Recent advances in Large Language Models (LLMs) show that extending the length of reasoning chains significantly improves performance on complex tasks. While revealing these reasoning traces helps users better follow, verify, and learn from the model's problem-solving process, it also makes them highly vulnerable to unauthorized distillation. To mitigate this risk, proprietary model providers often adopt aggressive protection strategies, such as replacing detailed reasoning with brief summaries, which deprive users of valuable intermediate information. To address this trade-off, we propose PART, an information-preserving antidistillation reformulation of reasoning traces. Motivated by the difference between how humans understand reasoning traces and how LLMs exploit them for supervised fine-tuning, we design a simple but effective two-step reformulation: removing self-talk behaviors and reordering sub-conclusions. A small auxiliary model is trained to perform this reformulation, incurring minimal computational overhead. Extensive experiments demonstrate that PART consistently disrupts distillation across student models of different sizes and types on various reasoning benchmarks. For instance, when training on reformulated traces, even the performance of a large 32B student model decreases from 54.17 to 46.88 on AIME 2024, corresponding to a 13.5% degradation.

Paper Structure

This paper contains 27 sections, 5 equations, 4 figures, 3 tables.

Figures (4)

  • Figure 1: Overview of PART. Directly exposing original reasoning traces leaves them vulnerable to unauthorized distillation, whereas providing only summaries deprives users of the information contained in the reasoning process. PART introduces an information-preserving antidistillation approach through reformulation at both the token level and the structural level.
  • Figure 2: Predicted probabilities of the student model on teacher-generated reasoning traces. (a) Visualization of token-level predicted probabilities, where deeper red indicates lower probabilities.
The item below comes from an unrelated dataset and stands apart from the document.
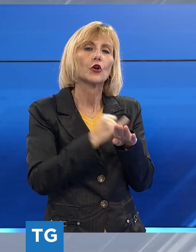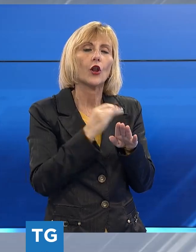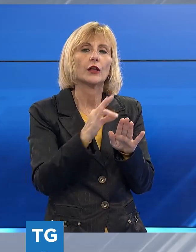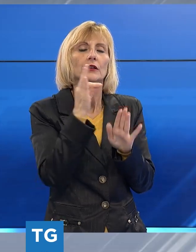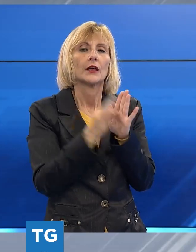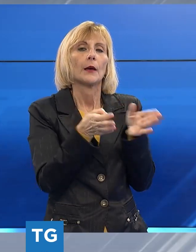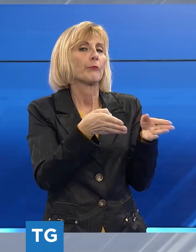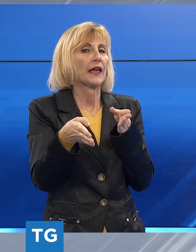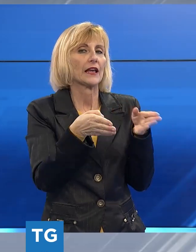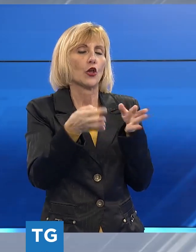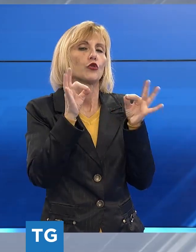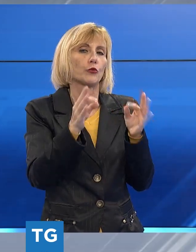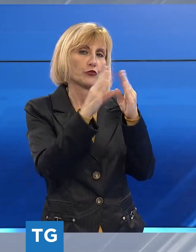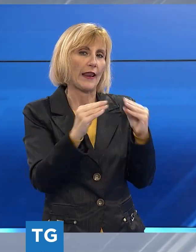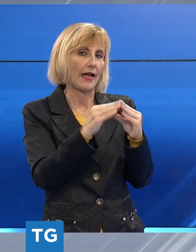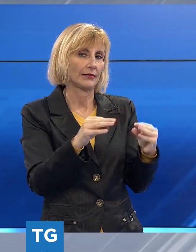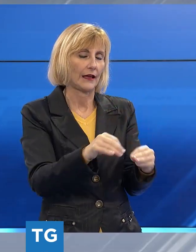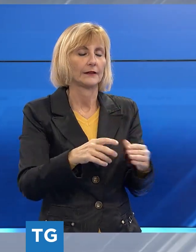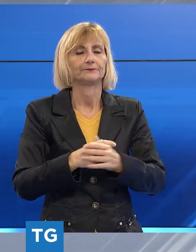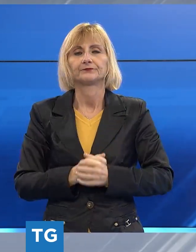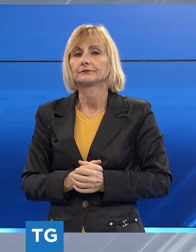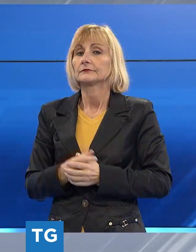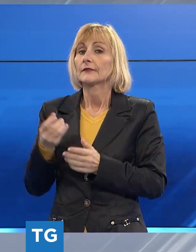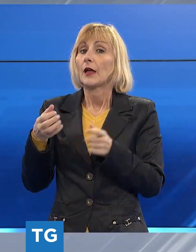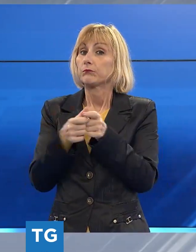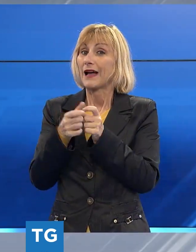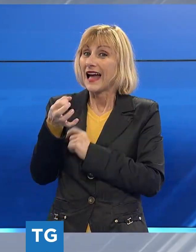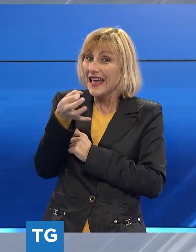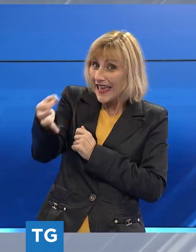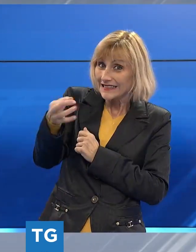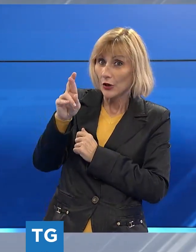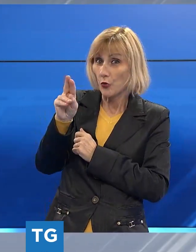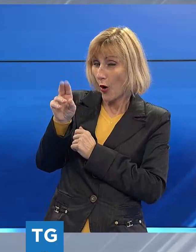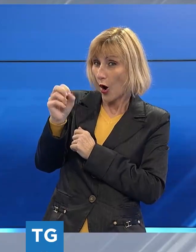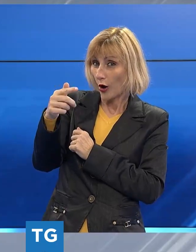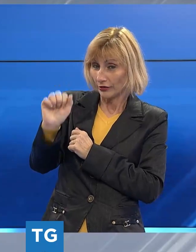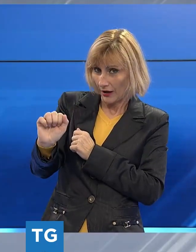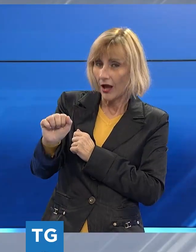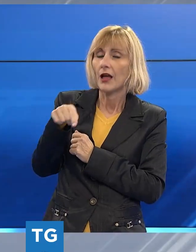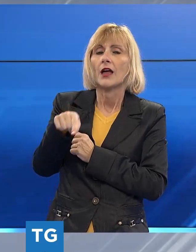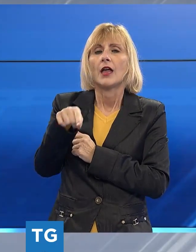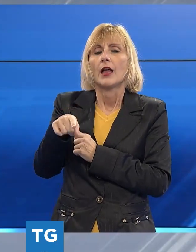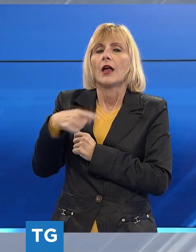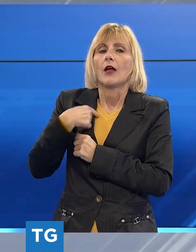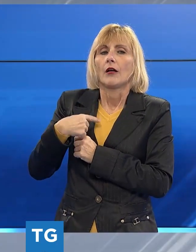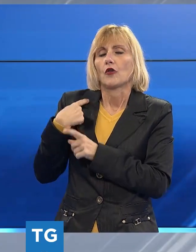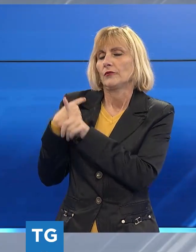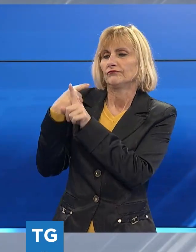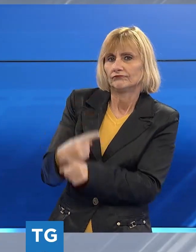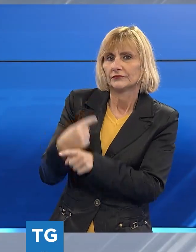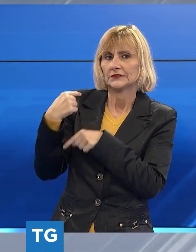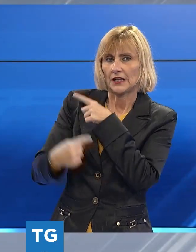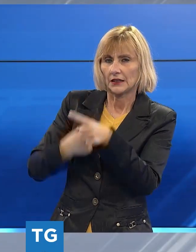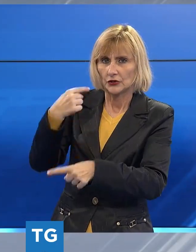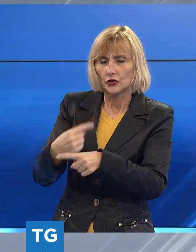nel periodo natalizio. Ruota ha sempre mantenuto un certo rigore, non perdendo mai di vista il senso e l'importanza della nascita di Gesù

Teacher-generated traces exhibit frequent self-talk behaviors, which conveys little reasoning content yet receives low probabilities. (b) Tracking the probabilities of self-talk-behavior tokens across training stages reveals that they remain persistently lower than the average probabilities, suggesting that these semantically uninformative expressions exert disproportionate influence on gradient updates.
  • Figure 3: (a) Match ratios under different lexical similarity score thresholds. PART achieves significant higher match ratios than the summary-based method at both step and sentence levels. (b) Human judgment about informativeness. Compared to original reasoning traces, PART is judged similarly informative; compared to the summary-based reformulation, PART is clearly preferred in terms of the informativeness.
  • Figure 4: Performance comparison (a) across different student model sizes and (b) across different data scales of distilled models trained on original versus reformulated traces. Across both factors, PART leads to consistent performance degradation of the distilled models, demonstrating its effectiveness as an antidistillation approach.